October 1960 | Volume 11, Issue 6
First among all nations the United States made “restraint of trade” a crime, and voted an economic ideal into law. One of its most energetic exponents looks back on that unique, vague, and unenforceable bit of legislation: the Sherman Antitrust Act
Ever since the Civil War there has been a continuous conflict between two opposing ideals in American economic thinking. The first of them says that business management, if relieved from the rigors of cutthroat competition, will be fair and benevolent. The age of competition is over, the theory continues, and great corporations with the power to dominate prices benefit the economy. In the field of big business, this philosophy justifies giant mergers. In the field of small business, it leads to the passage of fair trade laws and similar forms of legalized price fixing.
J. P. Morgan is the traditional hero of this philosophy. He organized United States Steel, our first billion-dollar enterprise, to make investments secure, and to eliminate cutthroat competition in steel. Andrew Carnegie, who was doing pretty well as an aggressive competitor, was paid twice what he thought his business was worth to go along. Morgan made the steel business safer for the investor but tough on the consumer, and it has been so ever since.
The opposing economic ideal says that industrial progress can best be obtained in a free market, where prices are fixed by competition and where success depends on efficiency rather than market control. Under this theory it becomes the government’s function not to control or regulate but only to maintain freedom in the market place by prosecuting combinations whenever they become large enough to fix prices. Henry Ford represents this ideal. By producing cars at cut prices on a nationwide scale, he helped wreck many of the existing automobile companies. But at the same time he revolutionized the industry.

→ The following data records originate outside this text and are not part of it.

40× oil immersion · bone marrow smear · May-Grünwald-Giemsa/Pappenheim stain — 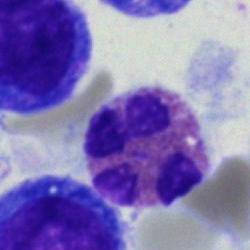

Q: Identify the cell.
A: Eosinophil.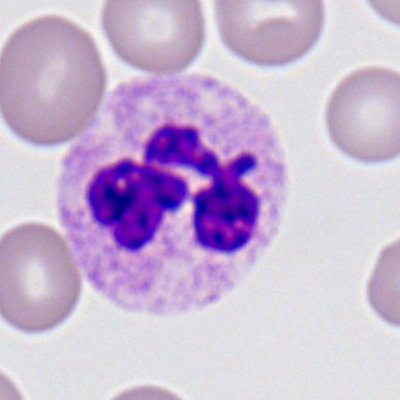This is a segmented neutrophil.
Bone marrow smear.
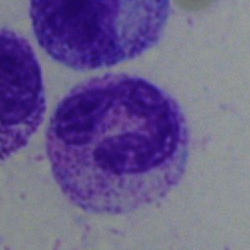

Morphology — stab cell.
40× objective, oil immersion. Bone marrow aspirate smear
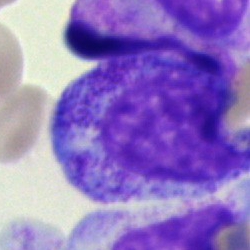 Single cell identified as a progranulocyte.
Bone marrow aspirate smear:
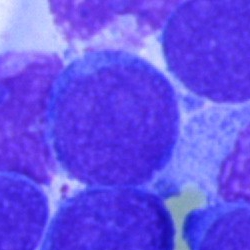

The morphological class is blast cell.
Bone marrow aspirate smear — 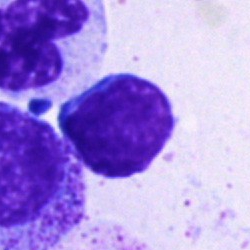 Showing a typical lymphocyte.
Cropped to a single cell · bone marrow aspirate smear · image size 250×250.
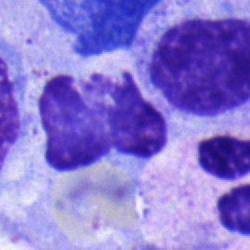

Classification — neutrophil (segmented).
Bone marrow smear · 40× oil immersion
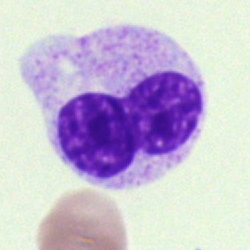

A stab cell.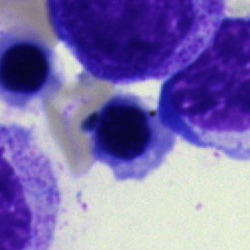

Single-cell crop from a bone marrow smear: nucleated red blood cell.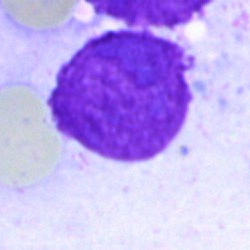Cell = artifact.
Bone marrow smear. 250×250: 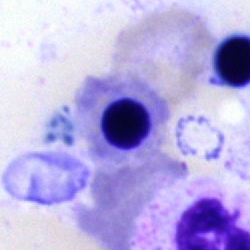
Q: Identify the cell.
A: Erythroblast.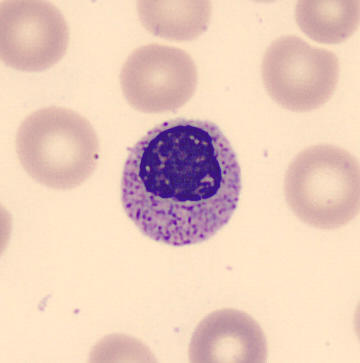

Single-cell crop from a peripheral blood smear: myelocyte.
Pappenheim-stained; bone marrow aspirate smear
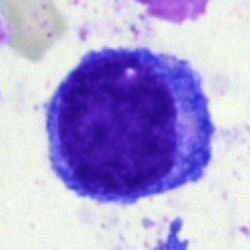Q: What type of cell is this?
A: Undifferentiated blast.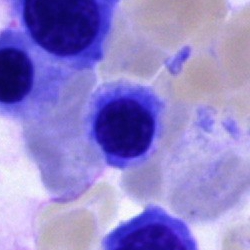Q: What is the morphological classification of this cell?
A: This is a nucleated red cell.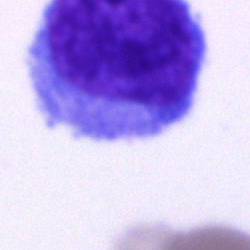
Specimen: bone marrow smear.
Cell: blast cell.
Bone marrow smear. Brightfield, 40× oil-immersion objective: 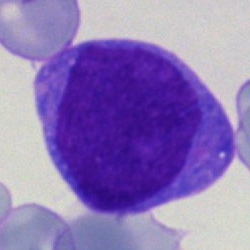

Morphological class: blast cell.
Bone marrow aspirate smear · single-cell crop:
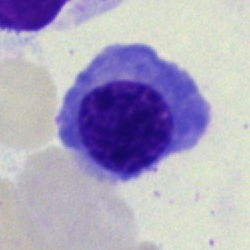 This is a nucleated red cell.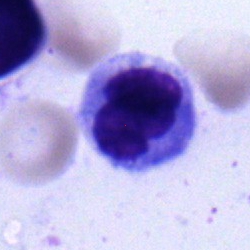This is a typical lymphocyte.
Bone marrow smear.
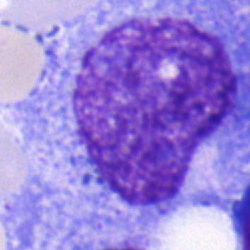 Classification = promyelocyte.
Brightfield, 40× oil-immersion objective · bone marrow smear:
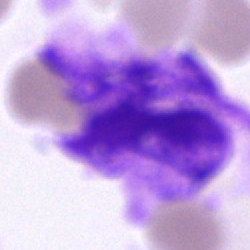

Q: What is shown here?
A: This is an artifact.
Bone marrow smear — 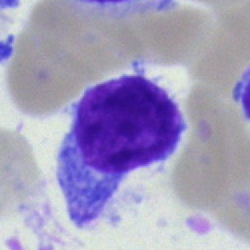 Q: Which cell type is shown here?
A: A lymphocyte.
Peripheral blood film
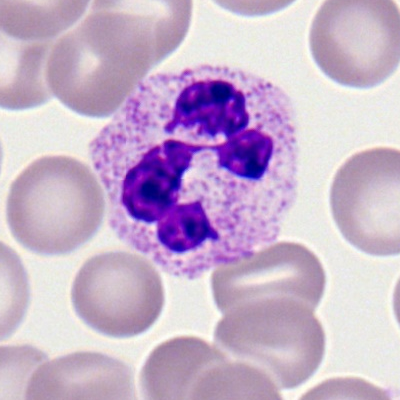 Morphological class — polymorphonuclear neutrophil.
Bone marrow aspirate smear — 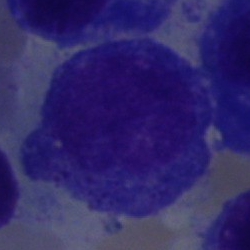

Classification — promyelocyte.
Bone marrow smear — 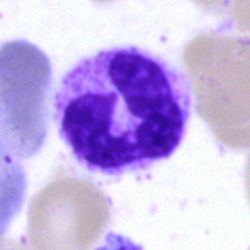Q: Identify the cell.
A: This is a neutrophil (segmented).
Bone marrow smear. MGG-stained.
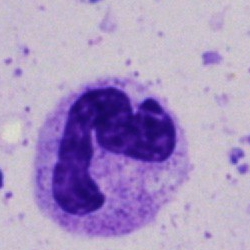
A neutrophil (segmented).

This second ideal is also represented by a remarkable piece of legislation called the Sherman Antitrust Act, passed by Congress on July 2, 1890, which states that “Every contract, combination in the form of trust or otherwise, or conspiracy, in restraint of trade or commerce among the several States, or with foreign nations, is hereby declared to be illegal.” The act goes on to authorize the federal government to proceed against trusts which violate the act, and empowers federal circuit courts with jurisdiction over such violations.
If I may be permitted to say so, as one who has had some experience with enforcing it, this law is historically unique. Prior to the Second World War, no other nation had any legislation like it. It is different from any other criminal statute because it makes it a crime to violate a vaguely stated economic policy—and a policy, what is more, on which public: attitudes often change. The average American citizen—and, indeed, the average court which administers the Sherman act —would like to believe simultaneously in both of the conflicting economic ideals described above. For that reason, the Supreme Court swings back and forth in Sherman act cases, in more important ones splitting five to four. The history of the Sherman act is the history of the conflicts and compromises between these two economic ideals.
But the dominant ideal in our American economic thinking has been the ideal of the Sherman act. The business pressures against its actual enforcement are great, but support of the principle of the act is so unanimous that no one ever suggests its repeal. Big business, labor, farmers—each economic group wants the Sherman act strictly enforced, against everyone but itself.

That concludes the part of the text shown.